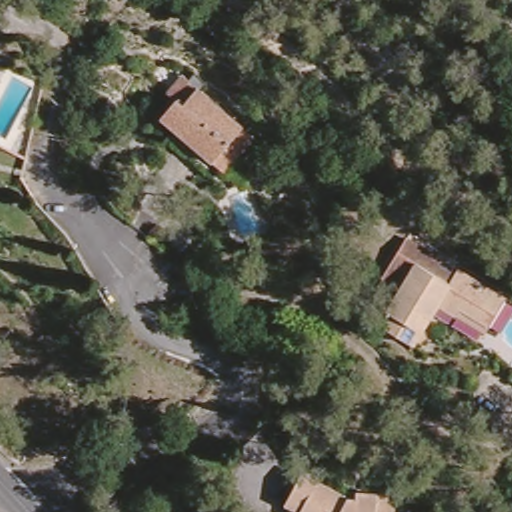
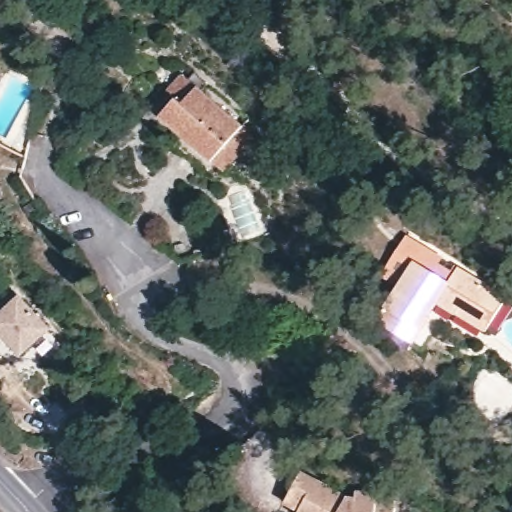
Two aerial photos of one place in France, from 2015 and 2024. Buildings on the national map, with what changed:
unchanged [(219,163),(212,171),(165,132),(172,124),(154,108),(168,90),(159,81),(174,64),(233,115),(248,128),(219,163)]
unchanged [(459,314),(441,304),(416,344),(383,323),(419,263),(452,282),(460,269),(508,298),(492,325),(488,331),(459,314)]
new [(50,329),(22,357),(0,335),(0,313),(18,296),(50,329)]
unchanged [(292,501),(278,492),(293,464),(338,487),(350,489),(350,483),(373,486),(390,487),(389,499),(387,512),(301,512),(290,506),(292,501)]

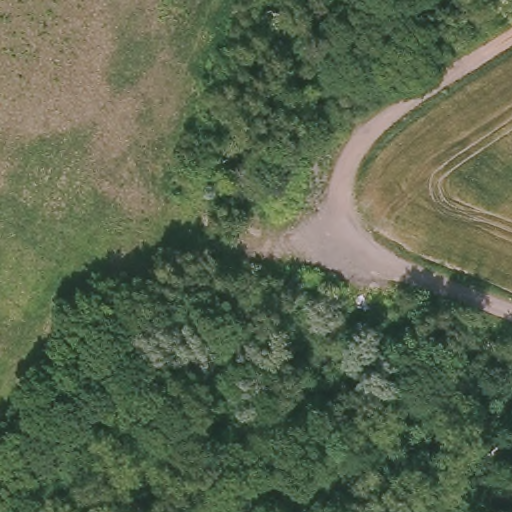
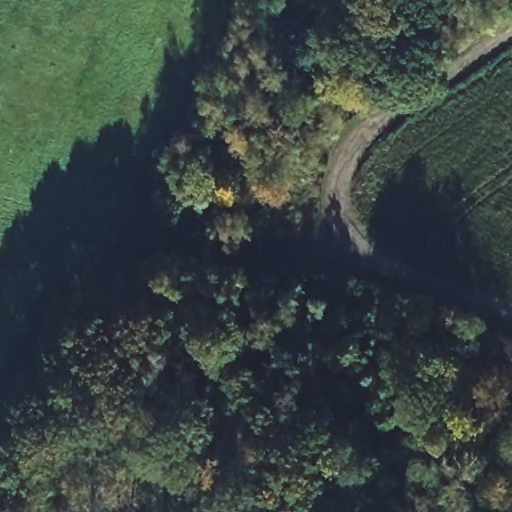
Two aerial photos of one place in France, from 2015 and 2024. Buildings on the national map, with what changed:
unchanged [(334,107),(305,113),(302,98),(332,93),(334,107)]

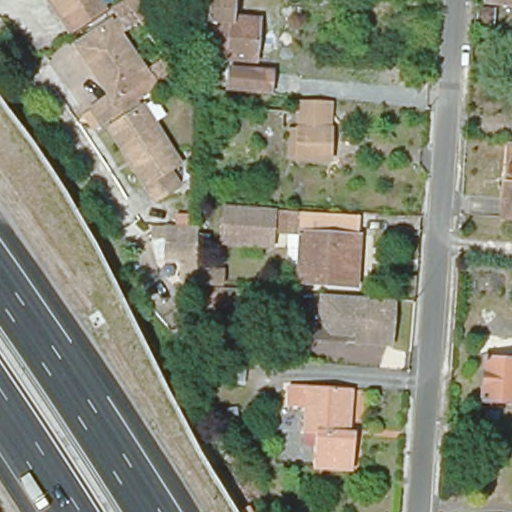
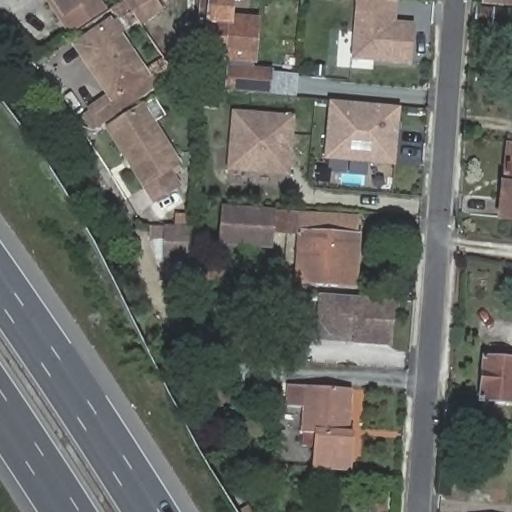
******************************
When you output the entries, keep each line exactly as it is and leave out any pictures.

RESPONSE BOX —
Two aerial photos of one place in France, from 2015 and 2024. Buildings on the national map, with what changed:
unchanged [(219,163),(212,171),(165,132),(172,124),(154,108),(168,90),(159,81),(174,64),(233,115),(248,128),(219,163)]
unchanged [(459,314),(441,304),(416,344),(383,323),(419,263),(452,282),(460,269),(508,298),(492,325),(488,331),(459,314)]
new [(50,329),(22,357),(0,335),(0,313),(18,296),(50,329)]
unchanged [(292,501),(278,492),(293,464),(338,487),(350,489),(350,483),(373,486),(390,487),(389,499),(387,512),(301,512),(290,506),(292,501)]

Two aerial photos of one place in France, from 2015 and 2024. Buildings on the national map, with what changed:
unchanged [(334,107),(305,113),(302,98),(332,93),(334,107)]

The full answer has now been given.